DATASET EXCERPTS: Begin

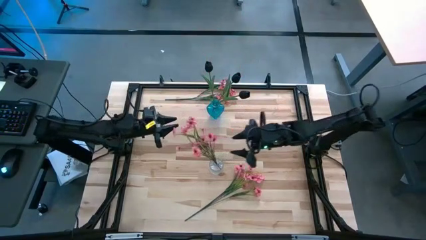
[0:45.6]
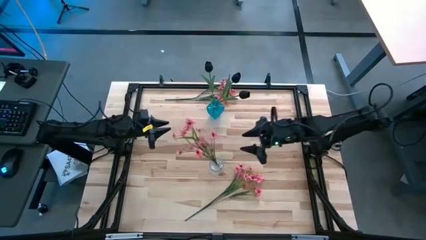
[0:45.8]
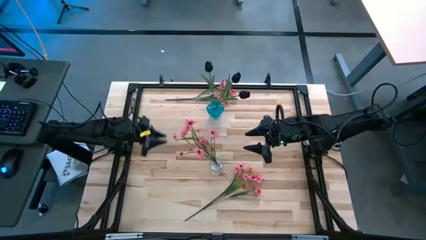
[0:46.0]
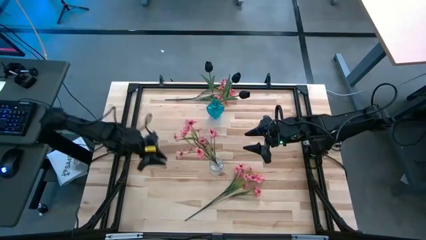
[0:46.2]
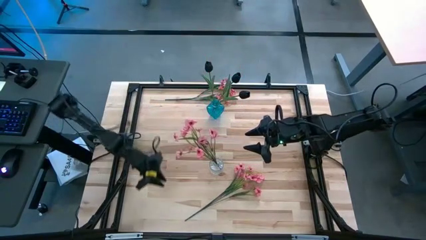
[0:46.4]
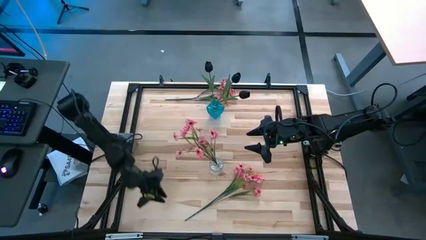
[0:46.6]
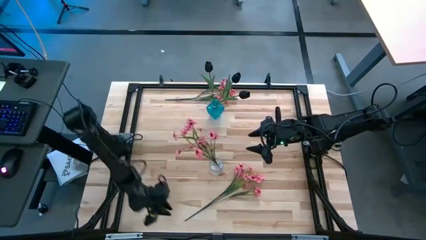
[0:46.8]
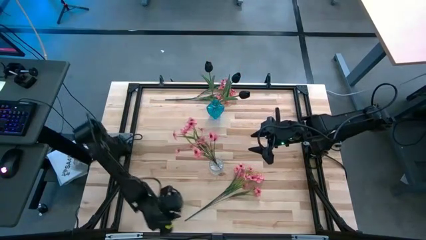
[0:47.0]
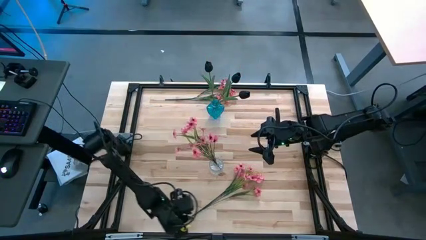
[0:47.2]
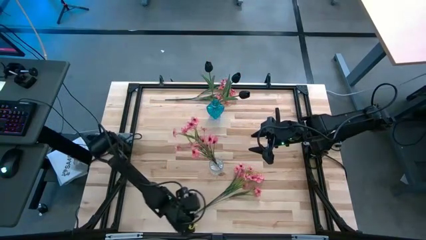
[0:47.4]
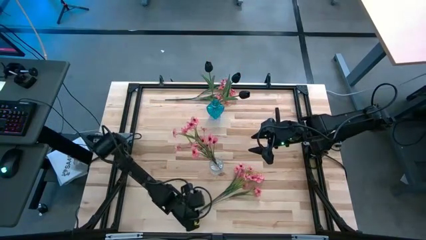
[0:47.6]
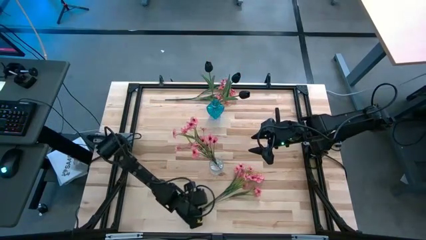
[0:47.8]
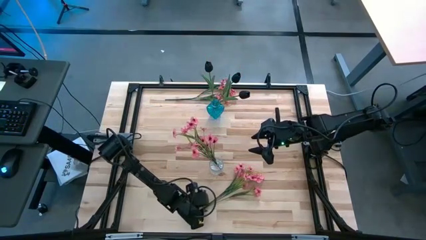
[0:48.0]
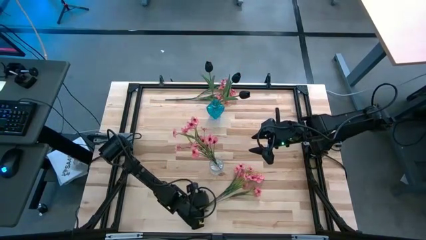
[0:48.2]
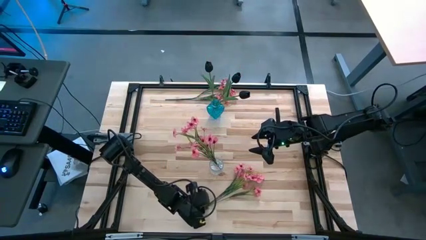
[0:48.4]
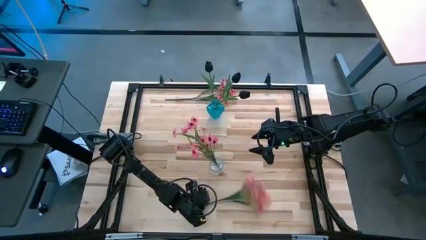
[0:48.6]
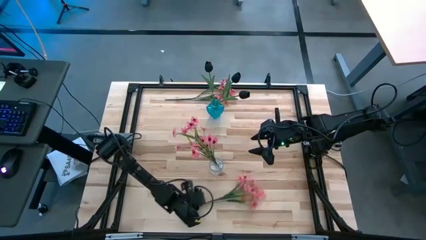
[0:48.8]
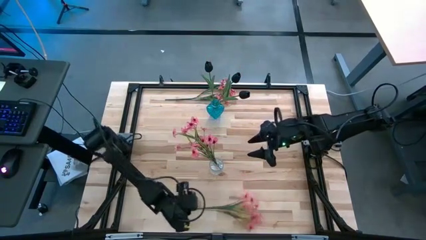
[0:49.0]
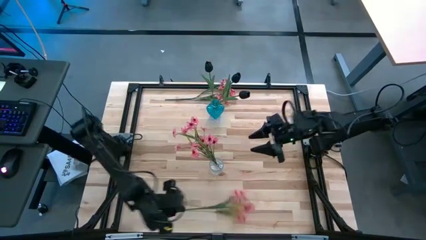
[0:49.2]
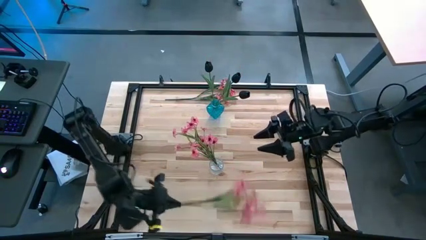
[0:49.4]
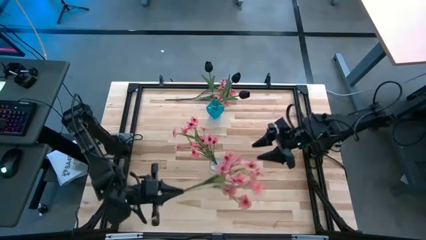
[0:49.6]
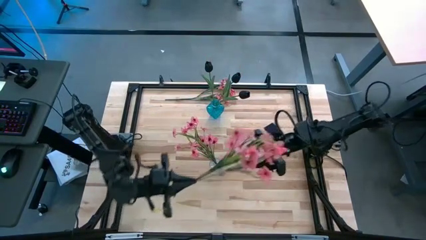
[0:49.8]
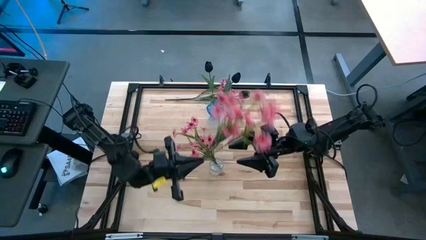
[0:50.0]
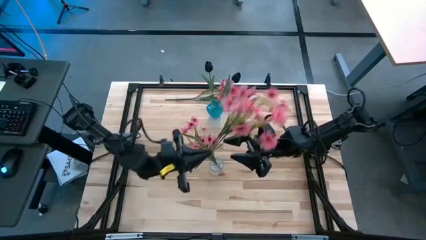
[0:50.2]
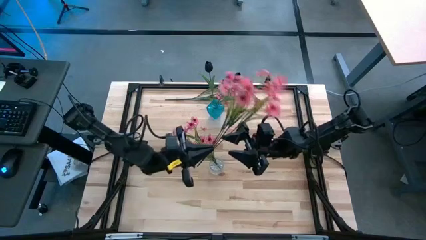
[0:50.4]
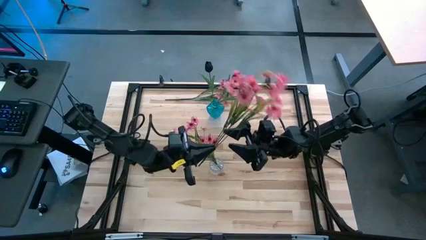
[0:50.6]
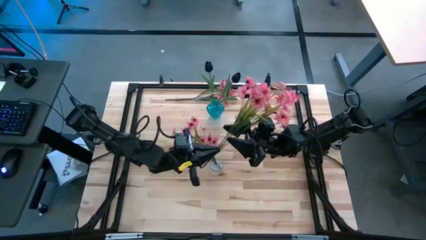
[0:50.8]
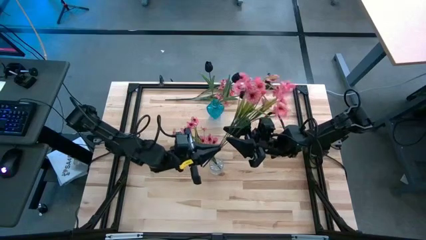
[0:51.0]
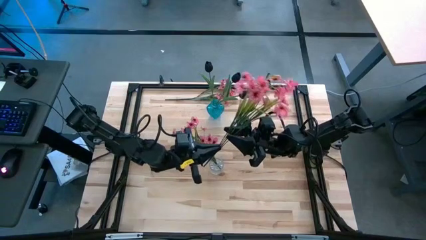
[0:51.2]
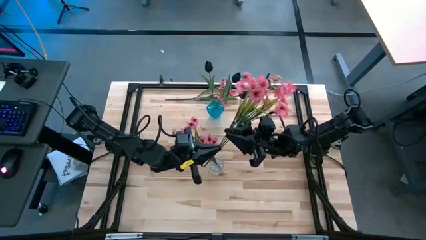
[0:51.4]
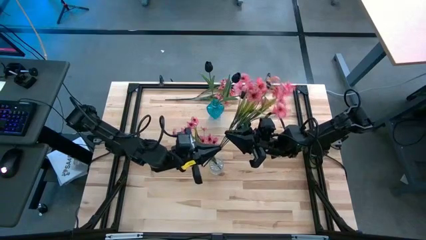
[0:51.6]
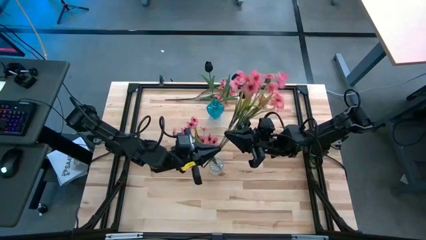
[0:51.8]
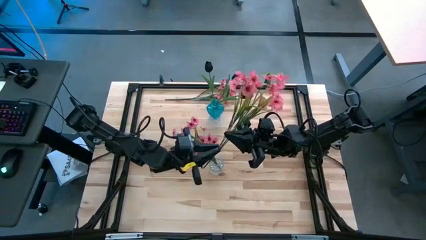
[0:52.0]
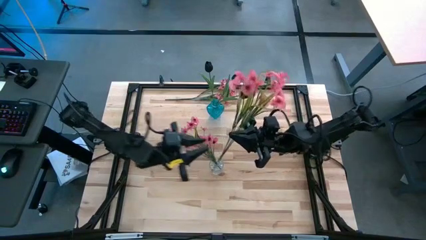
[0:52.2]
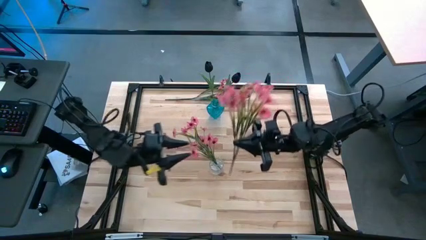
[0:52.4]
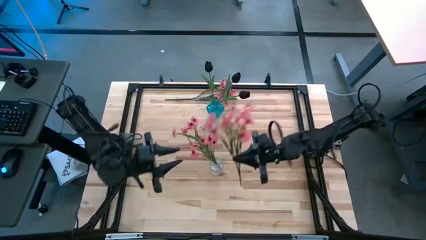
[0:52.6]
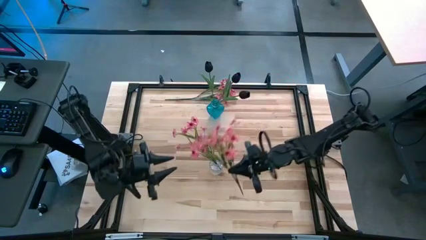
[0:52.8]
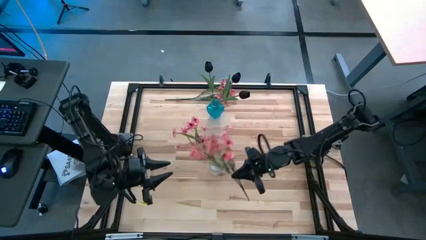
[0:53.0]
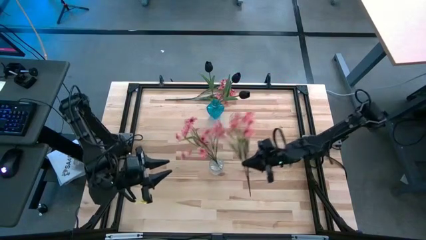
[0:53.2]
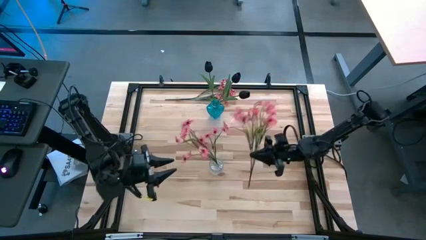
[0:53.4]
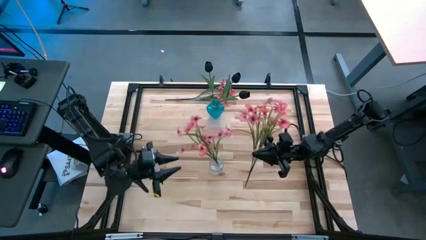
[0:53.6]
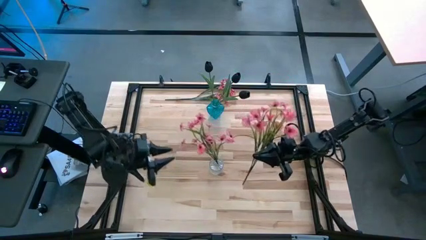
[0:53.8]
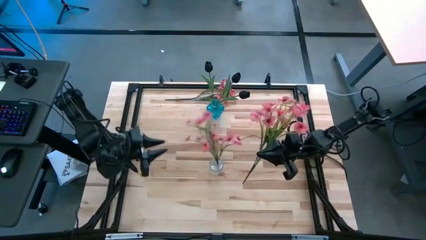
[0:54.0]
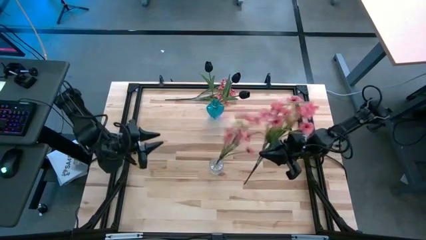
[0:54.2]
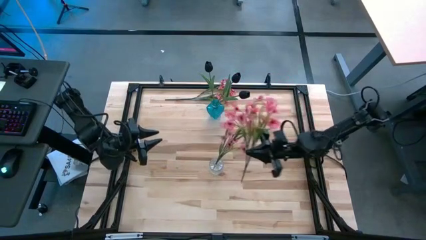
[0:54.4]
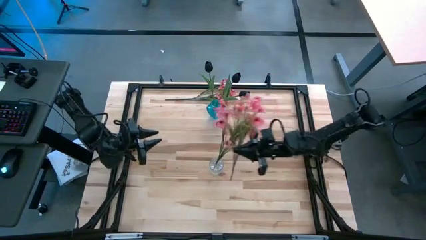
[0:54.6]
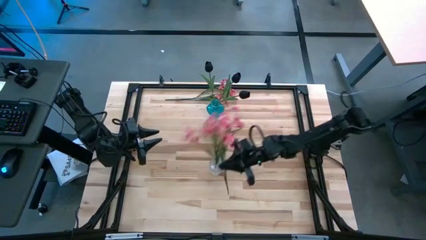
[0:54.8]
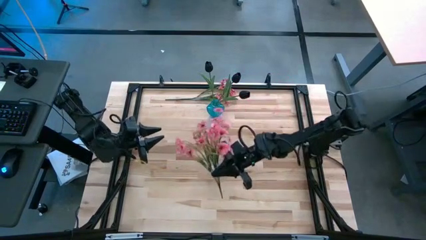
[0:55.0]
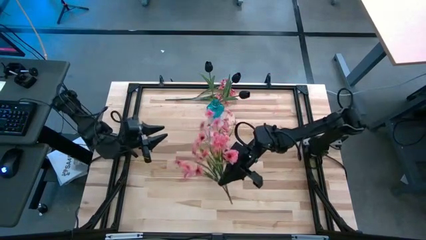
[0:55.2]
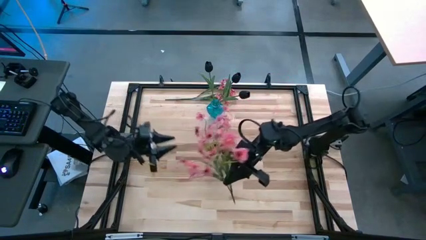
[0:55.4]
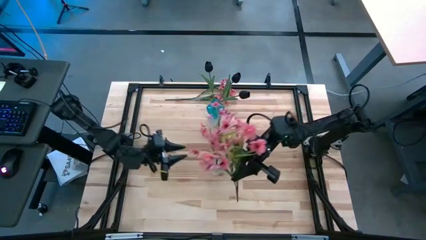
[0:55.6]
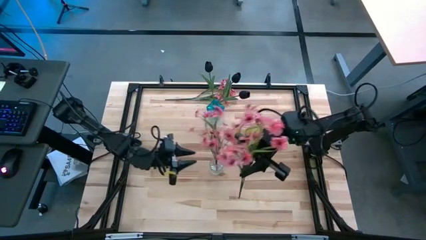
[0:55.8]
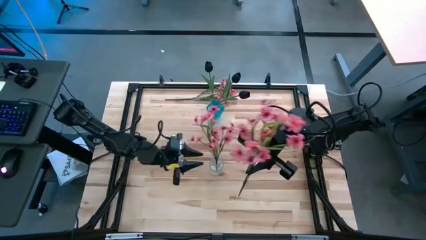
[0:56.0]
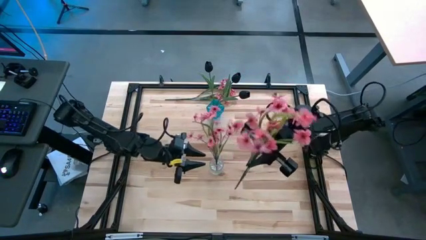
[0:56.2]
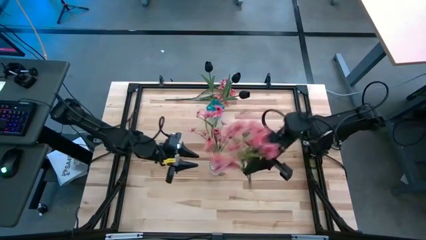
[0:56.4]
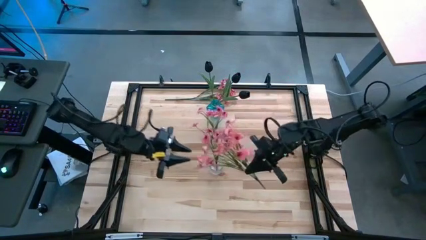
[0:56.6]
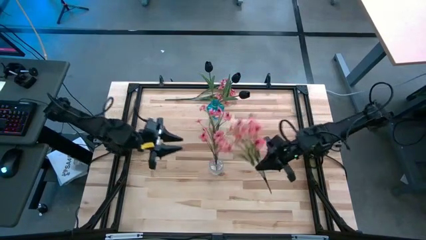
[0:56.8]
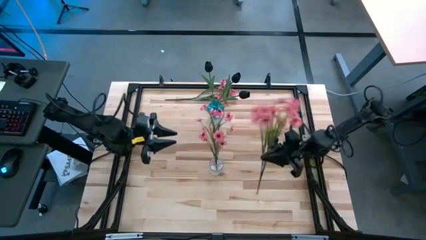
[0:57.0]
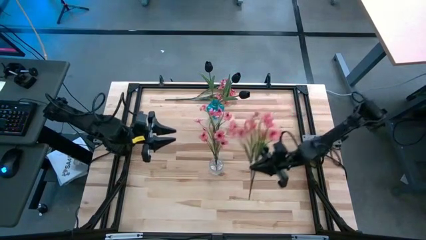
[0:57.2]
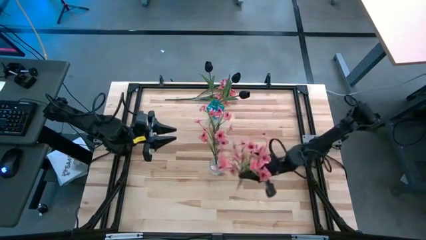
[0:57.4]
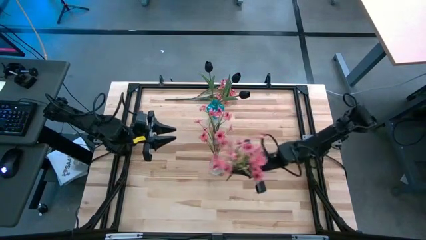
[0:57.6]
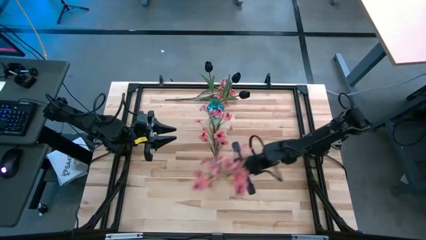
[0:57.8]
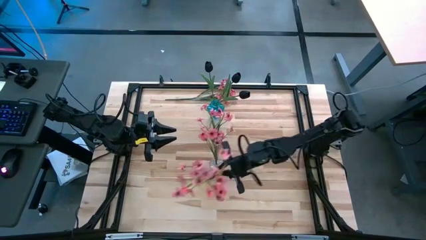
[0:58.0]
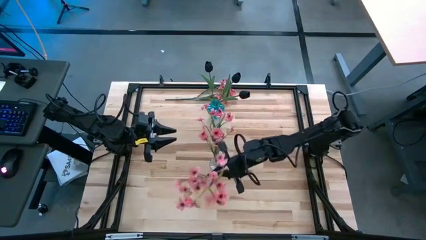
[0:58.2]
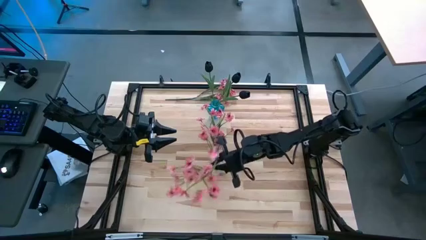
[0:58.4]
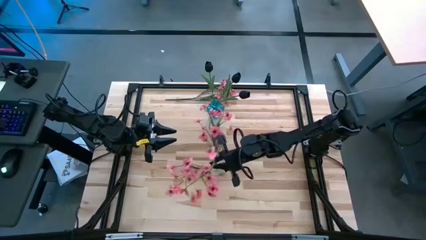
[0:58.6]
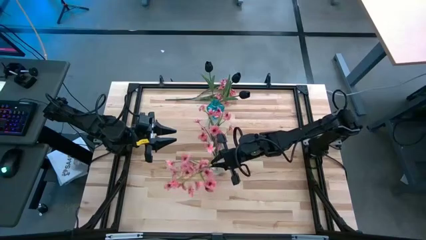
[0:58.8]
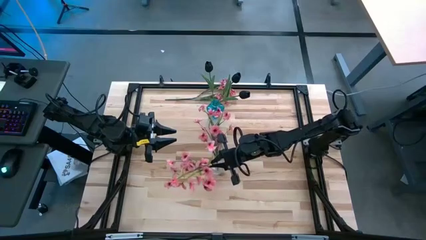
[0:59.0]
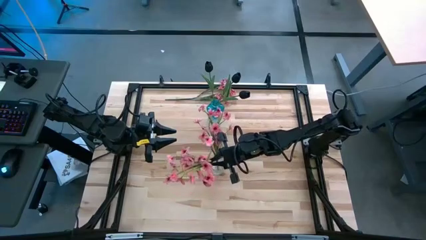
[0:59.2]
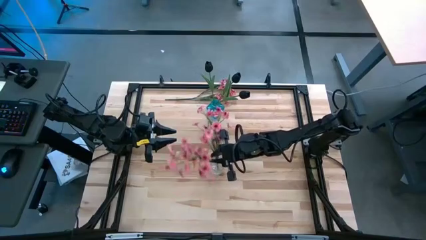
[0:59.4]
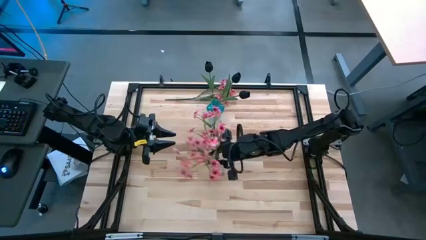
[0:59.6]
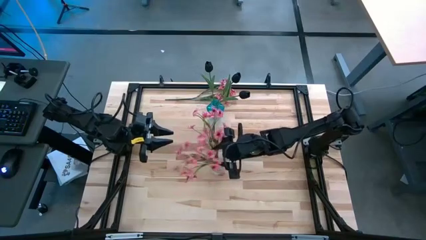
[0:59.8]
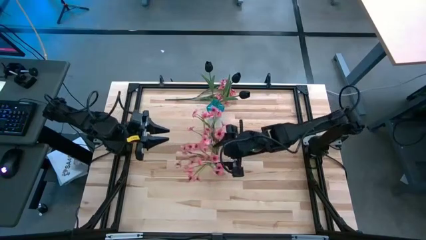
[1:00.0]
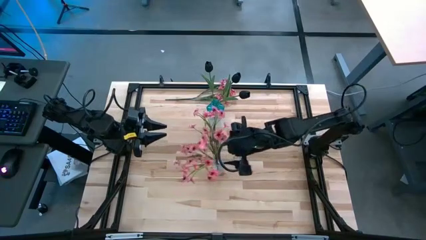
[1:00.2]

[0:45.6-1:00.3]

DATASET EXCERPTS: End

Retype the whole listing, keeping every line identical and omitting all pictures.

[0:45.6]
[0:45.8]
[0:46.0]
[0:46.2]
[0:46.4]
[0:46.6]
[0:46.8]
[0:47.0]
[0:47.2]
[0:47.4]
[0:47.6]
[0:47.8]
[0:48.0]
[0:48.2]
[0:48.4]
[0:48.6]
[0:48.8]
[0:49.0]
[0:49.2]
[0:49.4]
[0:49.6]
[0:49.8]
[0:50.0]
[0:50.2]
[0:50.4]
[0:50.6]
[0:50.8]
[0:51.0]
[0:51.2]
[0:51.4]
[0:51.6]
[0:51.8]
[0:52.0]
[0:52.2]
[0:52.4]
[0:52.6]
[0:52.8]
[0:53.0]
[0:53.2]
[0:53.4]
[0:53.6]
[0:53.8]
[0:54.0]
[0:54.2]
[0:54.4]
[0:54.6]
[0:54.8]
[0:55.0]
[0:55.2]
[0:55.4]
[0:55.6]
[0:55.8]
[0:56.0]
[0:56.2]
[0:56.4]
[0:56.6]
[0:56.8]
[0:57.0]
[0:57.2]
[0:57.4]
[0:57.6]
[0:57.8]
[0:58.0]
[0:58.2]
[0:58.4]
[0:58.6]
[0:58.8]
[0:59.0]
[0:59.2]
[0:59.4]
[0:59.6]
[0:59.8]
[1:00.0]
[1:00.2]

[0:45.6-1:00.3]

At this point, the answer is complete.